Exercise goal
Filter the listing for lines containing "formatted".

'''

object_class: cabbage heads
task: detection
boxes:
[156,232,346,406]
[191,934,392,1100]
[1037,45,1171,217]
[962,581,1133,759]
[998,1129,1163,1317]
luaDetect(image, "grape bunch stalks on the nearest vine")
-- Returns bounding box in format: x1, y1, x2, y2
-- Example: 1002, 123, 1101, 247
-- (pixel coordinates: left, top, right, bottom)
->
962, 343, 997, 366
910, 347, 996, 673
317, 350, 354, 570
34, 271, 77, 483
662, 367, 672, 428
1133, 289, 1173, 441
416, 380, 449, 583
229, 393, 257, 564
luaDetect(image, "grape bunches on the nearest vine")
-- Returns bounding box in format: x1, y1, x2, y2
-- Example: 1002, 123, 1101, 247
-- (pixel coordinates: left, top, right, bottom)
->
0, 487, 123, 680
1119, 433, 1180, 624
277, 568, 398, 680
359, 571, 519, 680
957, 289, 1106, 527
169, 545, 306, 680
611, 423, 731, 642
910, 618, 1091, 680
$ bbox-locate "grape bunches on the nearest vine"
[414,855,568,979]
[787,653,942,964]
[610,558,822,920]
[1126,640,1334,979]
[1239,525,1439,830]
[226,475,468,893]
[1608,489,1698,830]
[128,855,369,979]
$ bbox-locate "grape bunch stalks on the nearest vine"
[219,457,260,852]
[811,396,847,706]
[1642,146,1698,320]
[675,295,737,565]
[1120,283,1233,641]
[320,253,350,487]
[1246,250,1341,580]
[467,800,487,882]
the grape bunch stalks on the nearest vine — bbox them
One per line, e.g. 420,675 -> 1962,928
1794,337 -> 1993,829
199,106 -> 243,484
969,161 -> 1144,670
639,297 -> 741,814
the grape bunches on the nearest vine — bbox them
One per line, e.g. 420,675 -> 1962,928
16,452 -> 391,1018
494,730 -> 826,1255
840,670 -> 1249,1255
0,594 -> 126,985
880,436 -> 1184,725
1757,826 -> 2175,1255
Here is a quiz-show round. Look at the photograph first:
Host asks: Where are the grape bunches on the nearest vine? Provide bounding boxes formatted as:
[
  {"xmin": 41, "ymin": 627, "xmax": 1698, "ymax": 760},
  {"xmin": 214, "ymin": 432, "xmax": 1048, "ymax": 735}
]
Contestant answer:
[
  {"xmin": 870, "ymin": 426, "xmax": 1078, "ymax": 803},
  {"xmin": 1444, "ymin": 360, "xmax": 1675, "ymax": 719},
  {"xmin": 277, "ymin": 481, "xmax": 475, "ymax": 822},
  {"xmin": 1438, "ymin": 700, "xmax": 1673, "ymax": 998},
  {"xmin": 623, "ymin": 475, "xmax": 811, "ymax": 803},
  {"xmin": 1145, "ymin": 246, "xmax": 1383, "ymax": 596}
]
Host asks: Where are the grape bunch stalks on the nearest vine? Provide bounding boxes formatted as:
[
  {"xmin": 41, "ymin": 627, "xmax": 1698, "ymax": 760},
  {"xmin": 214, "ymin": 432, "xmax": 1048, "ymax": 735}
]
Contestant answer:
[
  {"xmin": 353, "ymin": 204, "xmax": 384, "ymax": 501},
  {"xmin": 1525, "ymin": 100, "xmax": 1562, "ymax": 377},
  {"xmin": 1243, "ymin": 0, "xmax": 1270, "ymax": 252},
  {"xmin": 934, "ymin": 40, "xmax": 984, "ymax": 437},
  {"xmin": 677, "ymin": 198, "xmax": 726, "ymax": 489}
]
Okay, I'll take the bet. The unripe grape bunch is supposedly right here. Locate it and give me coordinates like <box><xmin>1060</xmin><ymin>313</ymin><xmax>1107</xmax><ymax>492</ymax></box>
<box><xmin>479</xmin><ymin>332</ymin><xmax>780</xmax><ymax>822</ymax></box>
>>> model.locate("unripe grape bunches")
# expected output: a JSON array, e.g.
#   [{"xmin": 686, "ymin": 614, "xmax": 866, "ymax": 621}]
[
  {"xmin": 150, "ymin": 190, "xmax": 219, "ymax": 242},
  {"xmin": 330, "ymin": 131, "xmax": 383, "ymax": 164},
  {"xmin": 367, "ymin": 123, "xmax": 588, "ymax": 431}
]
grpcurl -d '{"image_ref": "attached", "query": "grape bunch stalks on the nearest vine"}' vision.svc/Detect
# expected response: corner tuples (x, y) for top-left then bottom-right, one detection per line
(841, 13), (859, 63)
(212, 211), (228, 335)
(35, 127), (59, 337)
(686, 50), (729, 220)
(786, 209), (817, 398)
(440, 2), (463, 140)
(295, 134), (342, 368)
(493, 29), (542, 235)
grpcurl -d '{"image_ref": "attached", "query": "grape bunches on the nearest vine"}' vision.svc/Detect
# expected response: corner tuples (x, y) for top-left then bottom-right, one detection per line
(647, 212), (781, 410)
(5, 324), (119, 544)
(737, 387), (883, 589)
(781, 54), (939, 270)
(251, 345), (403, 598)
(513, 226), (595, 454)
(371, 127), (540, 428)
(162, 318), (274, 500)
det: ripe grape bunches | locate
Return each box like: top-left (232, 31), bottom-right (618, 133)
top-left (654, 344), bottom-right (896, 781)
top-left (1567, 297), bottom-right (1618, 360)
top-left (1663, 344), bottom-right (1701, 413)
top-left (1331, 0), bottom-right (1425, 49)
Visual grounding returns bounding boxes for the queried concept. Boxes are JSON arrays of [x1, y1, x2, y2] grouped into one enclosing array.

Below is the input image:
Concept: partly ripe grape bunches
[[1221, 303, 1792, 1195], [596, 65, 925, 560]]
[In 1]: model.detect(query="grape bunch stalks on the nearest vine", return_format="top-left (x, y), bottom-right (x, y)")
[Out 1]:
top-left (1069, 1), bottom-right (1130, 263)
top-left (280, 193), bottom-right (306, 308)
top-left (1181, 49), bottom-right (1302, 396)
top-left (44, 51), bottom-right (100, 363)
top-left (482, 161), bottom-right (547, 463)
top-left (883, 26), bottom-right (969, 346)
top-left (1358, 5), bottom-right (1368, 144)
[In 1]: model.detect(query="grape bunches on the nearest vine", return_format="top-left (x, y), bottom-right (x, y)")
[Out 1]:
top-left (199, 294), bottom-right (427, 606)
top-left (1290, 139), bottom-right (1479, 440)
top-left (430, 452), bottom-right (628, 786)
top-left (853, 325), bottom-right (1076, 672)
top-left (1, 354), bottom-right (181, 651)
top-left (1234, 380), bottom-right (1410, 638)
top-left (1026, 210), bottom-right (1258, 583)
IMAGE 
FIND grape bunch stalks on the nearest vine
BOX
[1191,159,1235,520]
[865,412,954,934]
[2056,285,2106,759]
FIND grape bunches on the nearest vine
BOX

'''

Written answer
Host asks: Where are the grape bunches on the nearest vine? Provide bounding boxes formatted as:
Host asks: Where are the grape bunch stalks on the nearest vine? Provide bounding boxes formatted as:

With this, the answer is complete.